PROBLEM STATEMENT:
Write out the records again, exactly. Nothing may be dropped.

:: INPUT DATA ::

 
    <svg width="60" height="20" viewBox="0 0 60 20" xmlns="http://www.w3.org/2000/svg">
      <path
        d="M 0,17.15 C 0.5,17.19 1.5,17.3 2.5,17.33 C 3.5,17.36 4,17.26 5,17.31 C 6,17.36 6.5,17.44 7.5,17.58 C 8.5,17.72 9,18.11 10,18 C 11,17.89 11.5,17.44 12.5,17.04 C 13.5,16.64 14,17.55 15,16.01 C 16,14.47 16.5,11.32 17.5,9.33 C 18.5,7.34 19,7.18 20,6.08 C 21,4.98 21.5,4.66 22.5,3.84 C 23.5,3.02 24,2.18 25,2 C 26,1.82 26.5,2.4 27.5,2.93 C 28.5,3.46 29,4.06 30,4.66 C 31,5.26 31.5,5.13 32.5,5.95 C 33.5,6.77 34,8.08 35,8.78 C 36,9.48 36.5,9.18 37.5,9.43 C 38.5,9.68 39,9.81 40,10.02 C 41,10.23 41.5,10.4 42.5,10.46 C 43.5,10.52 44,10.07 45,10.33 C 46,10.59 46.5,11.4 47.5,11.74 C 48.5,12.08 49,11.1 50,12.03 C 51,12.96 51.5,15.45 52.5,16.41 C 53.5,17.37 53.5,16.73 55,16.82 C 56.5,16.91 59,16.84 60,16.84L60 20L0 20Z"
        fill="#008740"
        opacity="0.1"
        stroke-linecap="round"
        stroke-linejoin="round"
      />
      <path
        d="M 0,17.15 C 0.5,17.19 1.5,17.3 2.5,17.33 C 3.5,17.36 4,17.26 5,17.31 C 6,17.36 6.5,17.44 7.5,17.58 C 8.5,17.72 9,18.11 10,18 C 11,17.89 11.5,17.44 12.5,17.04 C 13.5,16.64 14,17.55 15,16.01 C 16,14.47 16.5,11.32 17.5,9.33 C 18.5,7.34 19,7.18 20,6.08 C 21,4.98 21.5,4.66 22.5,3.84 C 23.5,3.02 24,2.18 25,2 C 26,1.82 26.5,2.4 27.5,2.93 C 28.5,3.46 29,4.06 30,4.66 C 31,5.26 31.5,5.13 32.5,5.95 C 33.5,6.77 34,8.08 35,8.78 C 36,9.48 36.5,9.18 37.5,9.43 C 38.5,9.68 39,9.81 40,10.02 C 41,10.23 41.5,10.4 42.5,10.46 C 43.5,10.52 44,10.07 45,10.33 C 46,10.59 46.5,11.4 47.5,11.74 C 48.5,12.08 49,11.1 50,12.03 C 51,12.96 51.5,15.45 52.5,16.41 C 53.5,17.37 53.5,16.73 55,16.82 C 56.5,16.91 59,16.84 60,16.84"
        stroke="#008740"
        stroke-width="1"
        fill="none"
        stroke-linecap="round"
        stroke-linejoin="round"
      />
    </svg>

:::

RESPONSE TO THIS EXERCISE:
    <svg width="60" height="20" viewBox="0 0 60 20" xmlns="http://www.w3.org/2000/svg">
      <path
        d="M 0,17.15 C 0.5,17.19 1.5,17.3 2.5,17.33 C 3.5,17.36 4,17.26 5,17.31 C 6,17.36 6.5,17.44 7.5,17.58 C 8.5,17.72 9,18.11 10,18 C 11,17.89 11.5,17.44 12.5,17.04 C 13.5,16.64 14,17.55 15,16.01 C 16,14.47 16.5,11.32 17.5,9.33 C 18.5,7.34 19,7.18 20,6.08 C 21,4.98 21.5,4.66 22.5,3.84 C 23.5,3.02 24,2.18 25,2 C 26,1.82 26.5,2.4 27.5,2.93 C 28.5,3.46 29,4.06 30,4.66 C 31,5.26 31.5,5.13 32.5,5.95 C 33.5,6.77 34,8.08 35,8.78 C 36,9.48 36.5,9.18 37.5,9.43 C 38.5,9.68 39,9.81 40,10.02 C 41,10.23 41.5,10.4 42.5,10.46 C 43.5,10.52 44,10.07 45,10.33 C 46,10.59 46.5,11.4 47.5,11.74 C 48.5,12.08 49,11.1 50,12.03 C 51,12.96 51.5,15.45 52.5,16.41 C 53.5,17.37 53.5,16.73 55,16.82 C 56.5,16.91 59,16.84 60,16.84L60 20L0 20Z"
        fill="#008740"
        opacity="0.1"
        stroke-linecap="round"
        stroke-linejoin="round"
      />
      <path
        d="M 0,17.15 C 0.5,17.19 1.5,17.3 2.5,17.33 C 3.5,17.36 4,17.26 5,17.31 C 6,17.36 6.5,17.44 7.5,17.58 C 8.5,17.72 9,18.11 10,18 C 11,17.89 11.5,17.44 12.5,17.04 C 13.5,16.64 14,17.55 15,16.01 C 16,14.47 16.5,11.32 17.5,9.33 C 18.5,7.34 19,7.18 20,6.08 C 21,4.98 21.5,4.66 22.5,3.84 C 23.5,3.02 24,2.18 25,2 C 26,1.82 26.5,2.4 27.5,2.93 C 28.5,3.46 29,4.06 30,4.66 C 31,5.26 31.5,5.13 32.5,5.95 C 33.5,6.77 34,8.08 35,8.78 C 36,9.48 36.5,9.18 37.5,9.43 C 38.5,9.68 39,9.81 40,10.02 C 41,10.23 41.5,10.4 42.5,10.46 C 43.5,10.52 44,10.07 45,10.33 C 46,10.59 46.5,11.4 47.5,11.74 C 48.5,12.08 49,11.1 50,12.03 C 51,12.96 51.5,15.45 52.5,16.41 C 53.5,17.37 53.5,16.73 55,16.82 C 56.5,16.91 59,16.84 60,16.84"
        stroke="#008740"
        stroke-width="1"
        fill="none"
        stroke-linecap="round"
        stroke-linejoin="round"
      />
    </svg>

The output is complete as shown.